_Records for processing_
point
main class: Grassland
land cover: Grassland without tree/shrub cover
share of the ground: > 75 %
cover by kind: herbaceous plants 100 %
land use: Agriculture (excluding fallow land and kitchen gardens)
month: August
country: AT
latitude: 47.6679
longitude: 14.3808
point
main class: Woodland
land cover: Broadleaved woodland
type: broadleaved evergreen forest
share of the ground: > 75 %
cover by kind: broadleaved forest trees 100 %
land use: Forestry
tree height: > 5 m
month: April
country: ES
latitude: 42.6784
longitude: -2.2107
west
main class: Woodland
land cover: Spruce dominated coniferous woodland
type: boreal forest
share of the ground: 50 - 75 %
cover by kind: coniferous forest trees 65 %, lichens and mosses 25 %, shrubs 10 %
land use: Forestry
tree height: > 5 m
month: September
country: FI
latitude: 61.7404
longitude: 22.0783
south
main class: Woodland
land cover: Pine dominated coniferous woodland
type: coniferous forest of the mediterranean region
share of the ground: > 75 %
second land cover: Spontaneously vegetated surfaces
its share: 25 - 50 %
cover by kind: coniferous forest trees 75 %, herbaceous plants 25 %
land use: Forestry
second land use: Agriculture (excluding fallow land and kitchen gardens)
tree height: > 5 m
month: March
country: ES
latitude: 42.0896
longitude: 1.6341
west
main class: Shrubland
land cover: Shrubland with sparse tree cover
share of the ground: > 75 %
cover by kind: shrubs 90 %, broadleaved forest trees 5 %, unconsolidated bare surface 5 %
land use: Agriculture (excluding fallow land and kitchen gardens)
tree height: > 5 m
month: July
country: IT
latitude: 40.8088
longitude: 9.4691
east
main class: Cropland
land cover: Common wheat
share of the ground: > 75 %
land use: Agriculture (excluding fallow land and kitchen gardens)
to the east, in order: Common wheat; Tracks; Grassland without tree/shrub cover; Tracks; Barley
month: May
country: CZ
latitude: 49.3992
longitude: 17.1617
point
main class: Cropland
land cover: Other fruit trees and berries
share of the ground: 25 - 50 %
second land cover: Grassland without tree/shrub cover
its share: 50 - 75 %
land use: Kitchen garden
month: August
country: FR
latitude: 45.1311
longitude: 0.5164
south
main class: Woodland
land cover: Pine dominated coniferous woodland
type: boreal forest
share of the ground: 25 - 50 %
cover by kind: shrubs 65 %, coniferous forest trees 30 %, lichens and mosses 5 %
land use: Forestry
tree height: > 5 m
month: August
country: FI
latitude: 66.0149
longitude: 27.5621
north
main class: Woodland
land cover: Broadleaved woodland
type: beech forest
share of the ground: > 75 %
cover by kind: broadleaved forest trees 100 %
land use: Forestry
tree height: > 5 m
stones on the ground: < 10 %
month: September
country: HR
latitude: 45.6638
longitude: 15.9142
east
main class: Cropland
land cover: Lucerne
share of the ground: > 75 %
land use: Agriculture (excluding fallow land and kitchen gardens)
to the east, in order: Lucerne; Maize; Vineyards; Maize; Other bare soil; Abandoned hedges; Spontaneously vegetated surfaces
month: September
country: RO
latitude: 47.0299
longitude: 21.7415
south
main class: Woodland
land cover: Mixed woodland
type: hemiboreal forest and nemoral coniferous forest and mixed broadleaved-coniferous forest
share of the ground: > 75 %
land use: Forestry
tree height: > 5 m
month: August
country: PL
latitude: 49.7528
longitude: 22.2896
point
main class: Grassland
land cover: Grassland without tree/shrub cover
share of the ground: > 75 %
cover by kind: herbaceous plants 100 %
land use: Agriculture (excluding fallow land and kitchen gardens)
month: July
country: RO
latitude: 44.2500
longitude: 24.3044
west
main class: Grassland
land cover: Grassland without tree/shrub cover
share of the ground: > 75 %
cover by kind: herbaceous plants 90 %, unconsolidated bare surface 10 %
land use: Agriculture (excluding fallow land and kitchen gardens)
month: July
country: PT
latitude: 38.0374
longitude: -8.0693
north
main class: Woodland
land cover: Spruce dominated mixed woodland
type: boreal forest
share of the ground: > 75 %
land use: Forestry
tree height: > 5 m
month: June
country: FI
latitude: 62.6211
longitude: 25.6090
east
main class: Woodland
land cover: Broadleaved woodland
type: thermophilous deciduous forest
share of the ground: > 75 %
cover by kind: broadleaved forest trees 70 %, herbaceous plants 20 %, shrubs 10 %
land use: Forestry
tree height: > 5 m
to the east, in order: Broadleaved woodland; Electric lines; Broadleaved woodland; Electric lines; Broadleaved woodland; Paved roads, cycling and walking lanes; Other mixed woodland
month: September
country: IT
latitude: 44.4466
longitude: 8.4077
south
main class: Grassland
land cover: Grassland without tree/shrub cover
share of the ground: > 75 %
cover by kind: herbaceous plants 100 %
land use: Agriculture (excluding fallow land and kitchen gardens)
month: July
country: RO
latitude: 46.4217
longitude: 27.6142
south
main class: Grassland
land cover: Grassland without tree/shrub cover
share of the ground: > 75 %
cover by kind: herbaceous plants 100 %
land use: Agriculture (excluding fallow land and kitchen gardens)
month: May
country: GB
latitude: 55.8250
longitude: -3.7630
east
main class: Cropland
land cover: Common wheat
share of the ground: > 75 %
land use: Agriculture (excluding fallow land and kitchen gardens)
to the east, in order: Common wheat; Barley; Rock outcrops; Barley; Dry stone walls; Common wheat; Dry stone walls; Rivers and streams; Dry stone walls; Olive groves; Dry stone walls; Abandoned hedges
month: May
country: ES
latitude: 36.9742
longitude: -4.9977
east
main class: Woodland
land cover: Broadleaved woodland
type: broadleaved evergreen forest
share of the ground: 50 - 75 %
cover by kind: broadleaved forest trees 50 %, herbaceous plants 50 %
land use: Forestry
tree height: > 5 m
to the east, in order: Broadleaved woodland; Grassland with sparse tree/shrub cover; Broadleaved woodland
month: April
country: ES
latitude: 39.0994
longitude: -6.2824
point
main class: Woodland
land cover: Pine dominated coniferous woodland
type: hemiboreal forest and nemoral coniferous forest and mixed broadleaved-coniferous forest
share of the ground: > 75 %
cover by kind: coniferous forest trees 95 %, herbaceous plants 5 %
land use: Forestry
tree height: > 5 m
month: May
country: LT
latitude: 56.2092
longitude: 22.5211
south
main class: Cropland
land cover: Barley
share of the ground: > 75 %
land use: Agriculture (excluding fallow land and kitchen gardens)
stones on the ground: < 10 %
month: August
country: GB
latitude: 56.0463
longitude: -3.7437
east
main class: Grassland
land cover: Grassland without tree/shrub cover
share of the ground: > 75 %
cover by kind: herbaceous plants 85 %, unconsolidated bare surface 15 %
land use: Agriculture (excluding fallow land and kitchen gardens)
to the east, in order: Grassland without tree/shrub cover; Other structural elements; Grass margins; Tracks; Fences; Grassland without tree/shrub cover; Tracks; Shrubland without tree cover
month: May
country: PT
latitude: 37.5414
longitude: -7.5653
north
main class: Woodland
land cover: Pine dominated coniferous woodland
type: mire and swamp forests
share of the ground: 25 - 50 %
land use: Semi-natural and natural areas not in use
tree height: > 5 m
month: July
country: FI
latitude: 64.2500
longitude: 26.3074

_What this task involves_
Reproduce all the entries verbatim, leaving nothing out.

_Answer section_
point
main class: Grassland
land cover: Grassland without tree/shrub cover
share of the ground: > 75 %
cover by kind: herbaceous plants 100 %
land use: Agriculture (excluding fallow land and kitchen gardens)
month: August
country: AT
latitude: 47.6679
longitude: 14.3808
point
main class: Woodland
land cover: Broadleaved woodland
type: broadleaved evergreen forest
share of the ground: > 75 %
cover by kind: broadleaved forest trees 100 %
land use: Forestry
tree height: > 5 m
month: April
country: ES
latitude: 42.6784
longitude: -2.2107
west
main class: Woodland
land cover: Spruce dominated coniferous woodland
type: boreal forest
share of the ground: 50 - 75 %
cover by kind: coniferous forest trees 65 %, lichens and mosses 25 %, shrubs 10 %
land use: Forestry
tree height: > 5 m
month: September
country: FI
latitude: 61.7404
longitude: 22.0783
south
main class: Woodland
land cover: Pine dominated coniferous woodland
type: coniferous forest of the mediterranean region
share of the ground: > 75 %
second land cover: Spontaneously vegetated surfaces
its share: 25 - 50 %
cover by kind: coniferous forest trees 75 %, herbaceous plants 25 %
land use: Forestry
second land use: Agriculture (excluding fallow land and kitchen gardens)
tree height: > 5 m
month: March
country: ES
latitude: 42.0896
longitude: 1.6341
west
main class: Shrubland
land cover: Shrubland with sparse tree cover
share of the ground: > 75 %
cover by kind: shrubs 90 %, broadleaved forest trees 5 %, unconsolidated bare surface 5 %
land use: Agriculture (excluding fallow land and kitchen gardens)
tree height: > 5 m
month: July
country: IT
latitude: 40.8088
longitude: 9.4691
east
main class: Cropland
land cover: Common wheat
share of the ground: > 75 %
land use: Agriculture (excluding fallow land and kitchen gardens)
to the east, in order: Common wheat; Tracks; Grassland without tree/shrub cover; Tracks; Barley
month: May
country: CZ
latitude: 49.3992
longitude: 17.1617
point
main class: Cropland
land cover: Other fruit trees and berries
share of the ground: 25 - 50 %
second land cover: Grassland without tree/shrub cover
its share: 50 - 75 %
land use: Kitchen garden
month: August
country: FR
latitude: 45.1311
longitude: 0.5164
south
main class: Woodland
land cover: Pine dominated coniferous woodland
type: boreal forest
share of the ground: 25 - 50 %
cover by kind: shrubs 65 %, coniferous forest trees 30 %, lichens and mosses 5 %
land use: Forestry
tree height: > 5 m
month: August
country: FI
latitude: 66.0149
longitude: 27.5621
north
main class: Woodland
land cover: Broadleaved woodland
type: beech forest
share of the ground: > 75 %
cover by kind: broadleaved forest trees 100 %
land use: Forestry
tree height: > 5 m
stones on the ground: < 10 %
month: September
country: HR
latitude: 45.6638
longitude: 15.9142
east
main class: Cropland
land cover: Lucerne
share of the ground: > 75 %
land use: Agriculture (excluding fallow land and kitchen gardens)
to the east, in order: Lucerne; Maize; Vineyards; Maize; Other bare soil; Abandoned hedges; Spontaneously vegetated surfaces
month: September
country: RO
latitude: 47.0299
longitude: 21.7415
south
main class: Woodland
land cover: Mixed woodland
type: hemiboreal forest and nemoral coniferous forest and mixed broadleaved-coniferous forest
share of the ground: > 75 %
land use: Forestry
tree height: > 5 m
month: August
country: PL
latitude: 49.7528
longitude: 22.2896
point
main class: Grassland
land cover: Grassland without tree/shrub cover
share of the ground: > 75 %
cover by kind: herbaceous plants 100 %
land use: Agriculture (excluding fallow land and kitchen gardens)
month: July
country: RO
latitude: 44.2500
longitude: 24.3044
west
main class: Grassland
land cover: Grassland without tree/shrub cover
share of the ground: > 75 %
cover by kind: herbaceous plants 90 %, unconsolidated bare surface 10 %
land use: Agriculture (excluding fallow land and kitchen gardens)
month: July
country: PT
latitude: 38.0374
longitude: -8.0693
north
main class: Woodland
land cover: Spruce dominated mixed woodland
type: boreal forest
share of the ground: > 75 %
land use: Forestry
tree height: > 5 m
month: June
country: FI
latitude: 62.6211
longitude: 25.6090
east
main class: Woodland
land cover: Broadleaved woodland
type: thermophilous deciduous forest
share of the ground: > 75 %
cover by kind: broadleaved forest trees 70 %, herbaceous plants 20 %, shrubs 10 %
land use: Forestry
tree height: > 5 m
to the east, in order: Broadleaved woodland; Electric lines; Broadleaved woodland; Electric lines; Broadleaved woodland; Paved roads, cycling and walking lanes; Other mixed woodland
month: September
country: IT
latitude: 44.4466
longitude: 8.4077
south
main class: Grassland
land cover: Grassland without tree/shrub cover
share of the ground: > 75 %
cover by kind: herbaceous plants 100 %
land use: Agriculture (excluding fallow land and kitchen gardens)
month: July
country: RO
latitude: 46.4217
longitude: 27.6142
south
main class: Grassland
land cover: Grassland without tree/shrub cover
share of the ground: > 75 %
cover by kind: herbaceous plants 100 %
land use: Agriculture (excluding fallow land and kitchen gardens)
month: May
country: GB
latitude: 55.8250
longitude: -3.7630
east
main class: Cropland
land cover: Common wheat
share of the ground: > 75 %
land use: Agriculture (excluding fallow land and kitchen gardens)
to the east, in order: Common wheat; Barley; Rock outcrops; Barley; Dry stone walls; Common wheat; Dry stone walls; Rivers and streams; Dry stone walls; Olive groves; Dry stone walls; Abandoned hedges
month: May
country: ES
latitude: 36.9742
longitude: -4.9977
east
main class: Woodland
land cover: Broadleaved woodland
type: broadleaved evergreen forest
share of the ground: 50 - 75 %
cover by kind: broadleaved forest trees 50 %, herbaceous plants 50 %
land use: Forestry
tree height: > 5 m
to the east, in order: Broadleaved woodland; Grassland with sparse tree/shrub cover; Broadleaved woodland
month: April
country: ES
latitude: 39.0994
longitude: -6.2824
point
main class: Woodland
land cover: Pine dominated coniferous woodland
type: hemiboreal forest and nemoral coniferous forest and mixed broadleaved-coniferous forest
share of the ground: > 75 %
cover by kind: coniferous forest trees 95 %, herbaceous plants 5 %
land use: Forestry
tree height: > 5 m
month: May
country: LT
latitude: 56.2092
longitude: 22.5211
south
main class: Cropland
land cover: Barley
share of the ground: > 75 %
land use: Agriculture (excluding fallow land and kitchen gardens)
stones on the ground: < 10 %
month: August
country: GB
latitude: 56.0463
longitude: -3.7437
east
main class: Grassland
land cover: Grassland without tree/shrub cover
share of the ground: > 75 %
cover by kind: herbaceous plants 85 %, unconsolidated bare surface 15 %
land use: Agriculture (excluding fallow land and kitchen gardens)
to the east, in order: Grassland without tree/shrub cover; Other structural elements; Grass margins; Tracks; Fences; Grassland without tree/shrub cover; Tracks; Shrubland without tree cover
month: May
country: PT
latitude: 37.5414
longitude: -7.5653
north
main class: Woodland
land cover: Pine dominated coniferous woodland
type: mire and swamp forests
share of the ground: 25 - 50 %
land use: Semi-natural and natural areas not in use
tree height: > 5 m
month: July
country: FI
latitude: 64.2500
longitude: 26.3074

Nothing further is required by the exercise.